Tourism in the breakaway state of the Republic of South Ossetia – the State of Alania, widely recognised internationally as being part of Georgia, is rare. It is illegal to enter South Ossetia under Georgian law. However, South Ossetia remains accessible through Russia via the South Ossetia–Russia border. Non-Russian citizens are required to hold a valid Russian visa that permits them to return to Russia, unless they are citizens of countries that are exempt from Russian visa requirements. Visitors, unless they hold a South Ossetian passport or are from an exempt country, such as Russia, are required to receive approval from the South Ossetian government in advance of their visit.

== Visas ==

South Ossetia does not issue visas, with visitors being required to receive approval from the South Ossetian government in advance of their visit. However, as South Ossetia is only accessible through Russia, non-Russian citizens are required to hold a valid Russian visa that permits them to return to Russia, unless they are citizens of countries that are exempt from Russian visa requirements.

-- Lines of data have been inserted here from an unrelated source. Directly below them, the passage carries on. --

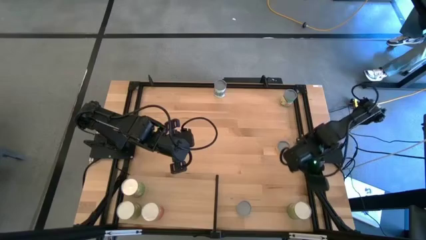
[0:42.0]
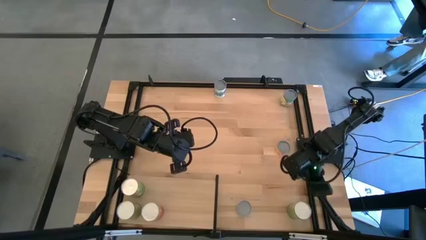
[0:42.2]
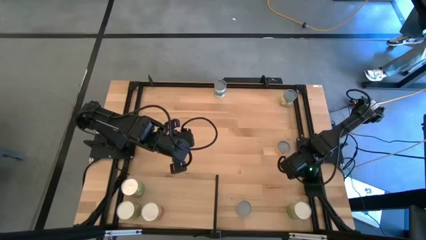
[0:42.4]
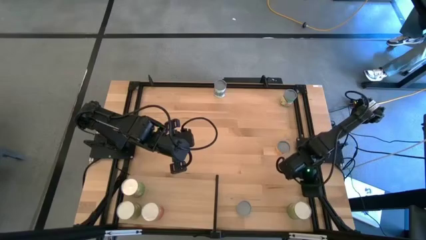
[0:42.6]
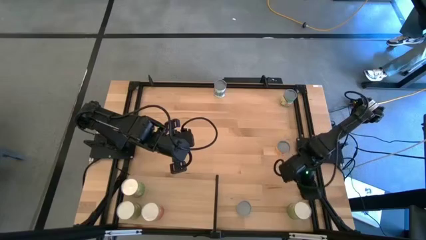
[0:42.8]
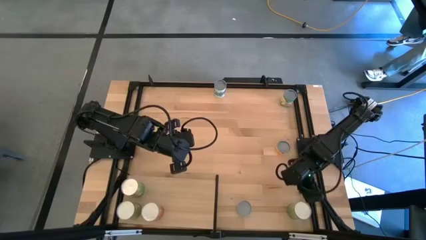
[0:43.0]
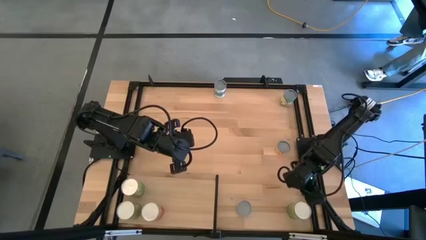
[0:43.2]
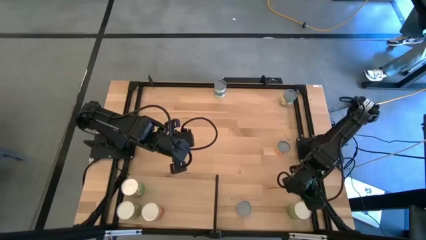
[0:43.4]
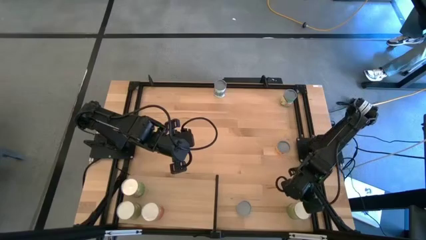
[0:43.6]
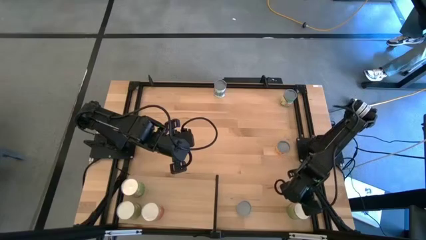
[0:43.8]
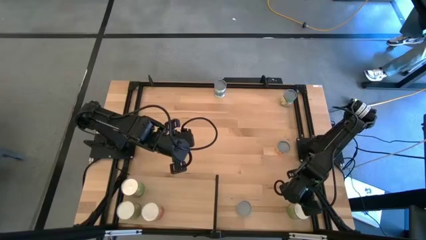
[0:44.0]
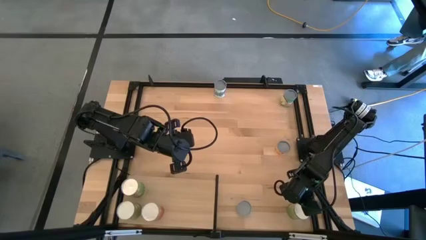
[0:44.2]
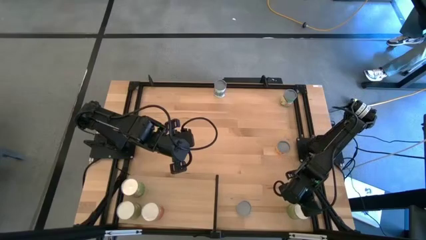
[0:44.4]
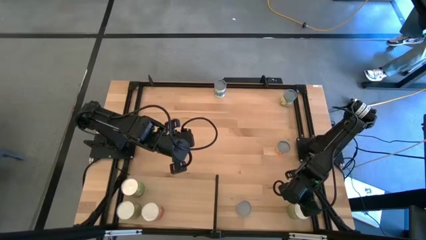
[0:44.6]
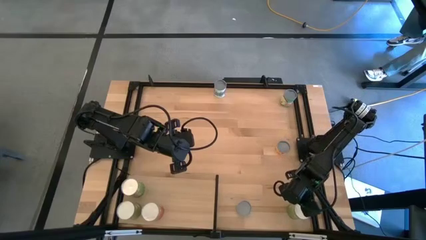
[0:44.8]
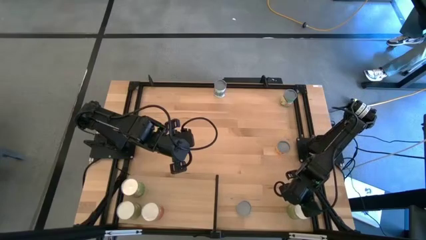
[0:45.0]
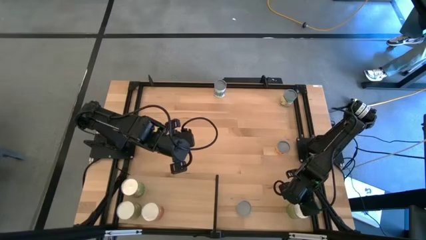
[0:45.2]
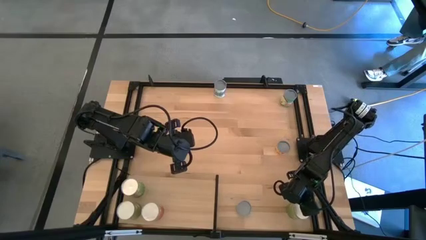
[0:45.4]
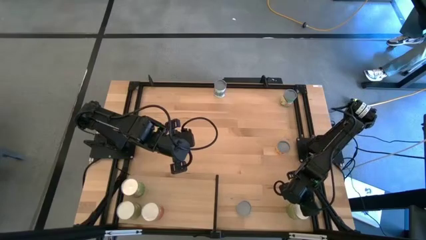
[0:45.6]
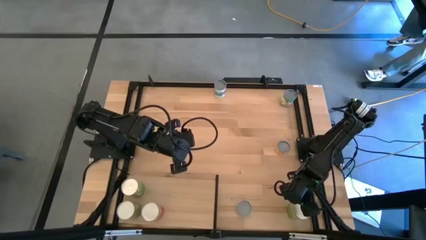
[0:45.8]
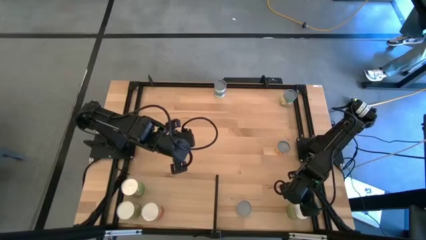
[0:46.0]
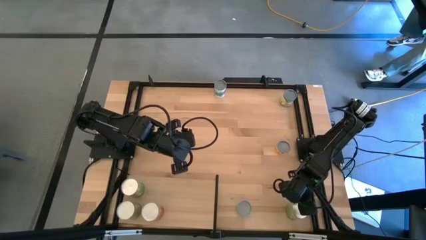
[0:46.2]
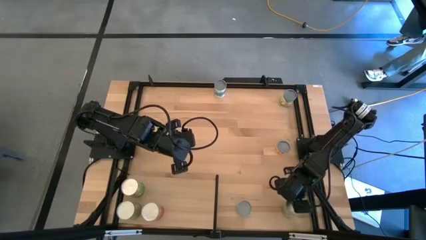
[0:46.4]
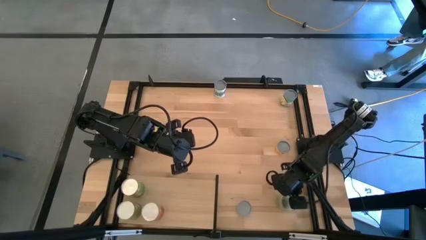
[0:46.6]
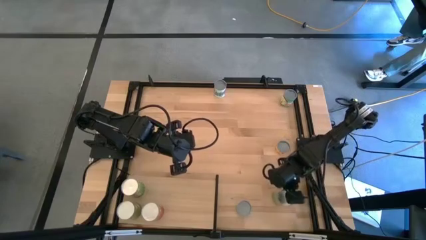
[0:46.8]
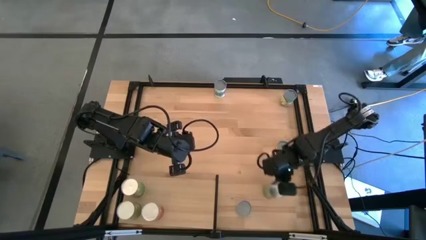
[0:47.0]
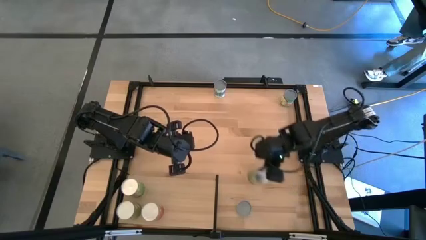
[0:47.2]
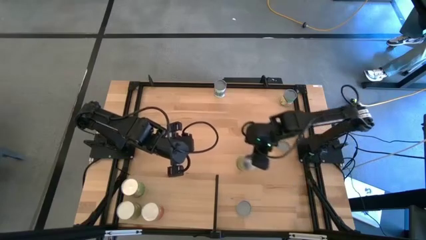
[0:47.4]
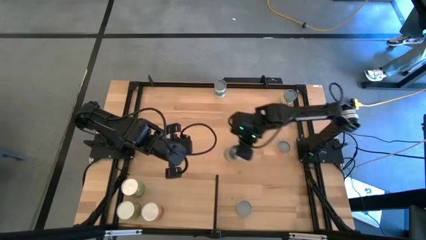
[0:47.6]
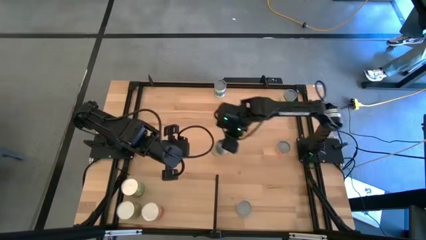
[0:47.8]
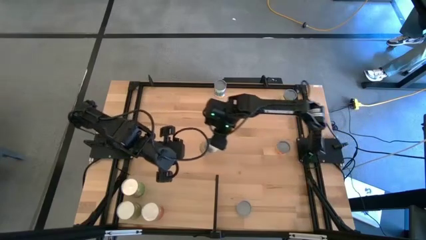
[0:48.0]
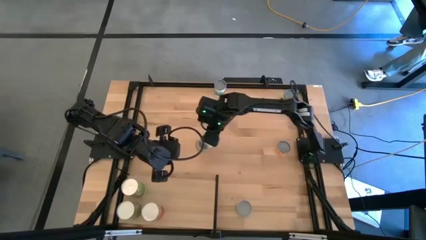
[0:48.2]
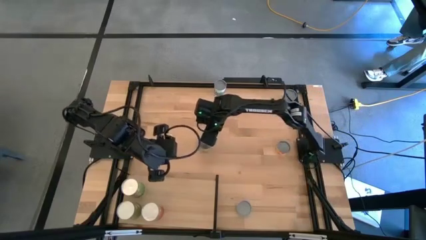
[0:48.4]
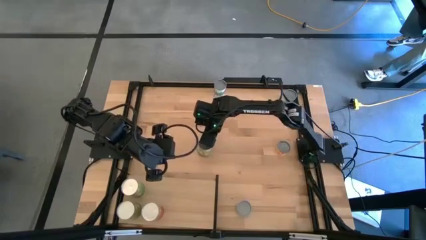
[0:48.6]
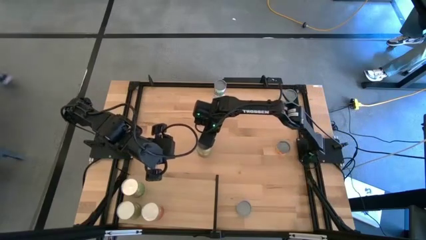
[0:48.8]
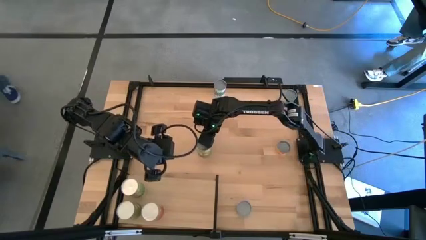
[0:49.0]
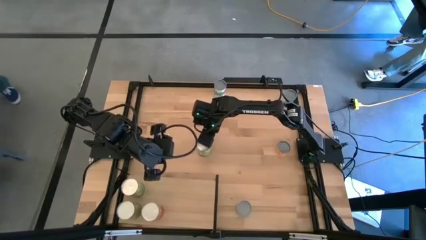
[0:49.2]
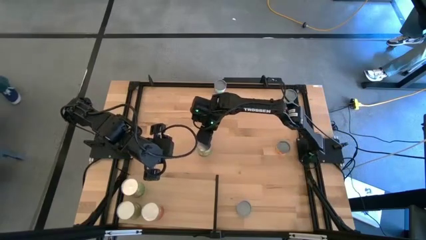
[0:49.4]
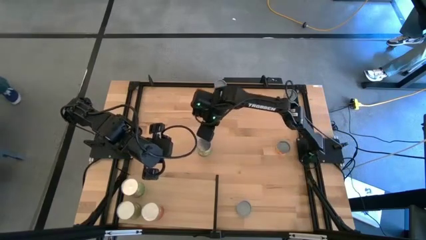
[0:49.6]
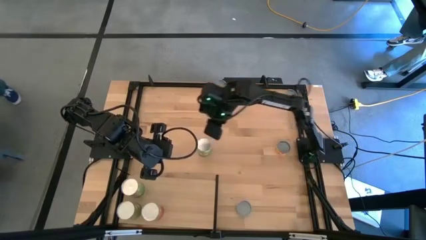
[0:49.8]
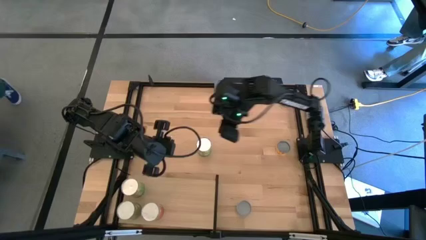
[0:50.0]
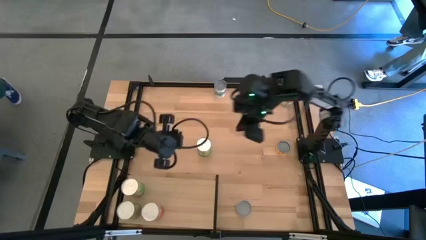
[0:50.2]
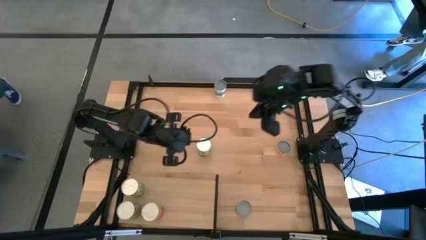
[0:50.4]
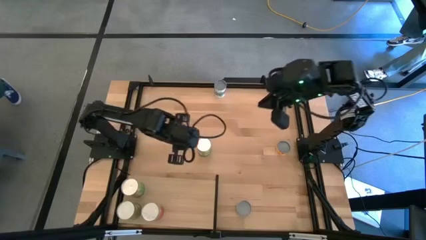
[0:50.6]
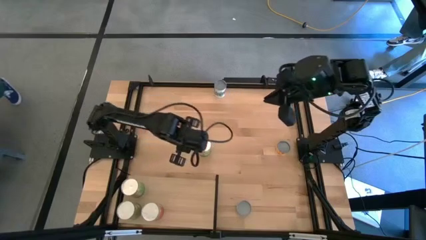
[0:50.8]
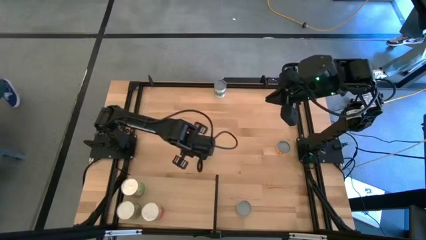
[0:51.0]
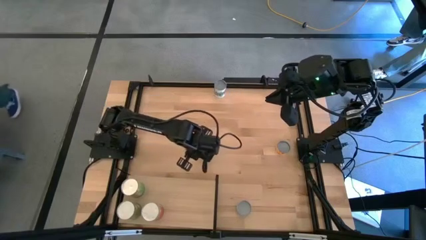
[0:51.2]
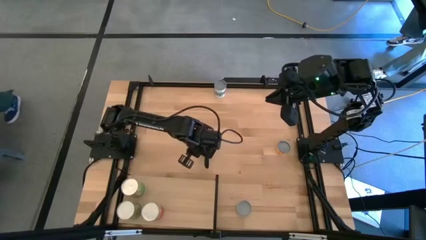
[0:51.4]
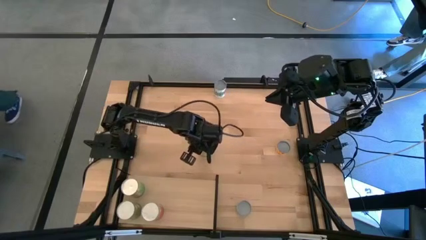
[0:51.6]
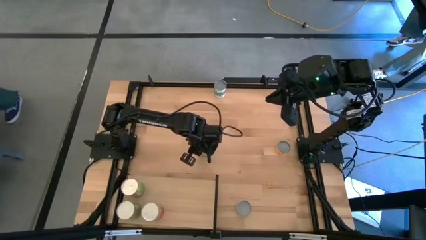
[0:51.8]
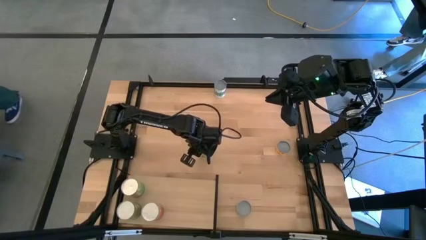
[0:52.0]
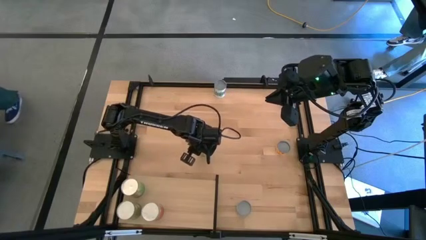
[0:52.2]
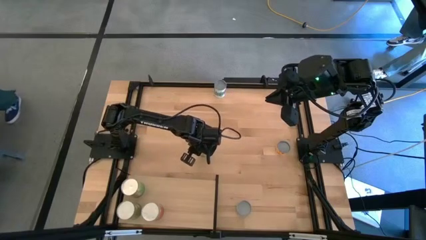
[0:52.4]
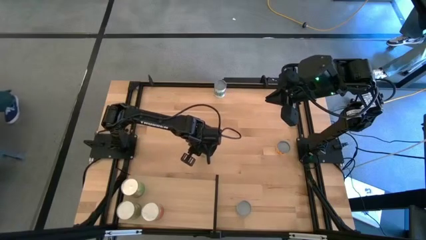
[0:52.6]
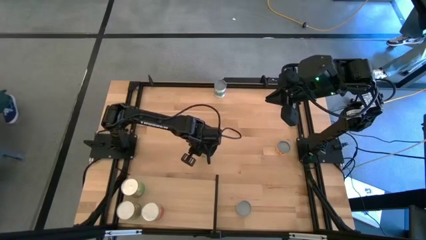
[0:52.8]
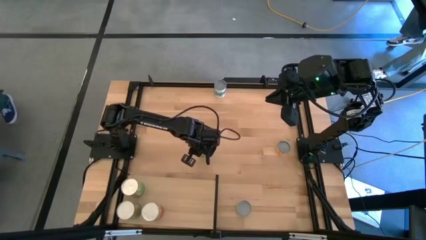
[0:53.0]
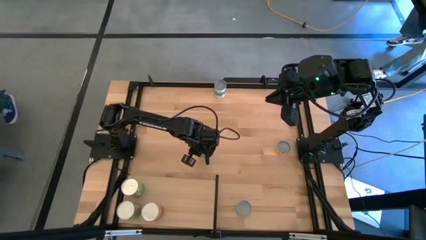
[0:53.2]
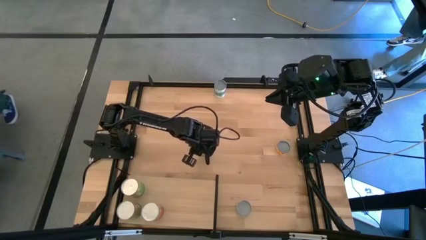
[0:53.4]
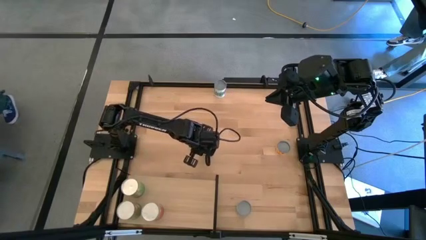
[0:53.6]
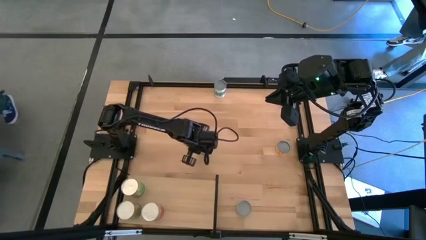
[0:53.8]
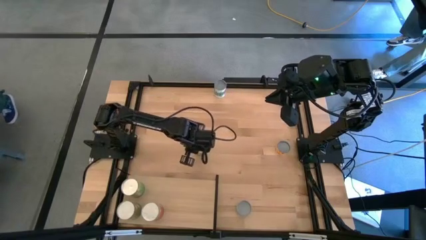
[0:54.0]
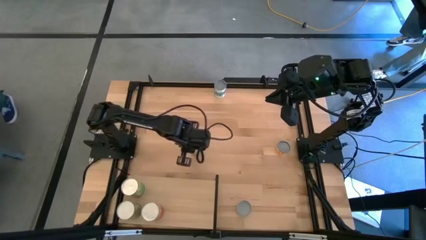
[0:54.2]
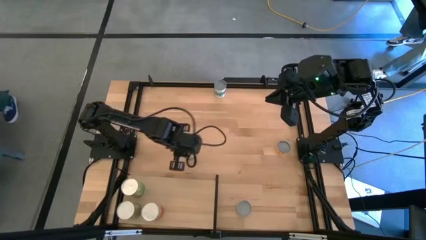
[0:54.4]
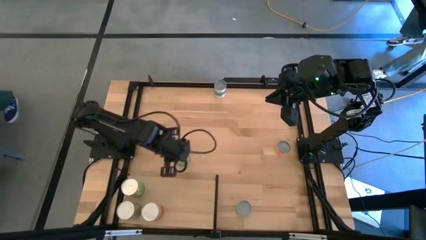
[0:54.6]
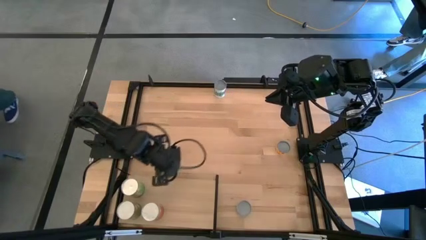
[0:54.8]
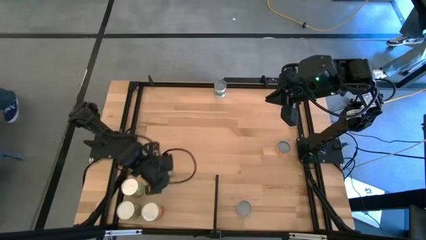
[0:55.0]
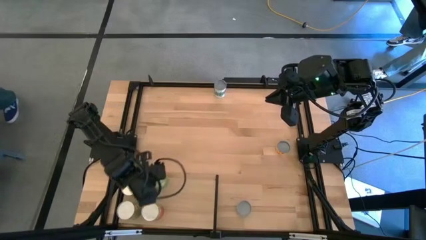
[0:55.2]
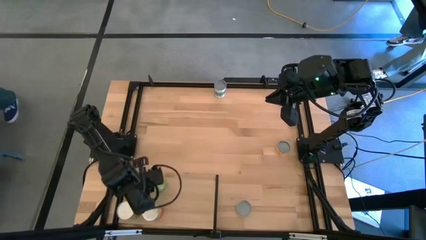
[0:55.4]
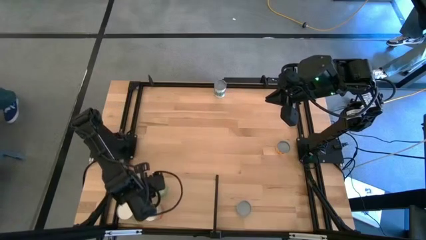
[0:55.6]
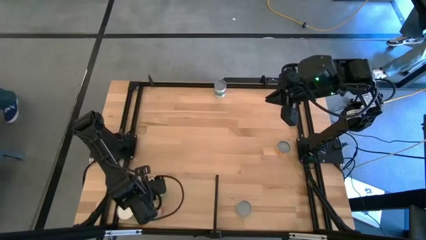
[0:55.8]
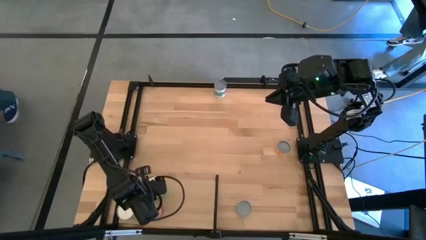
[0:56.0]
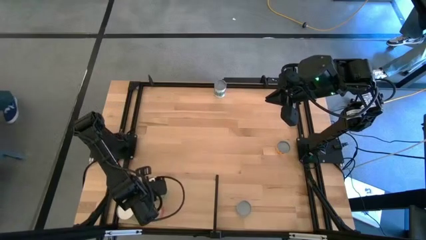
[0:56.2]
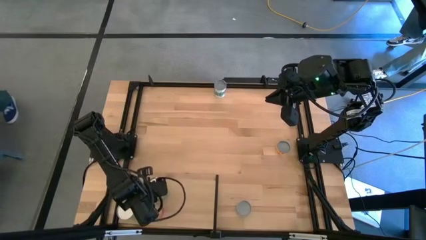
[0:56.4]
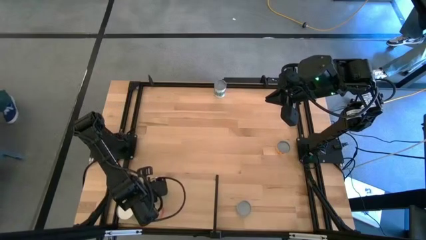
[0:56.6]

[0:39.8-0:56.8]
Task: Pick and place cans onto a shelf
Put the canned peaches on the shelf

== Tourist attractions and tours ==
South Ossetia, located in the South Caucasus, occupies part of the southern Caucasus Mountains, including the Keli Highland, which is a popular natural attraction among tourists to the state. Religious tourism is also popular, with South Ossetia having many old Christian churches, some dating back to the 9th century—the Bieti Monastery, Eredvi basilica, Tigva Monastery, Tiri Monastery and Tsirkoli church of the Mother of God are inscribed on the list of Georgia's Immovable Cultural Monuments of National Significance.

The tourism industry remains underdeveloped. However, several efforts to develop tourism have been made since 2010. During the COVID-19 pandemic, which saw the cancellation of international flights, the number of Russian tourists visiting South Ossetia domestically increased significantly. Between 2011 and 2020, Caucasus Explorer organised 28 tours in South Ossetia for Russians and other foreign tourists.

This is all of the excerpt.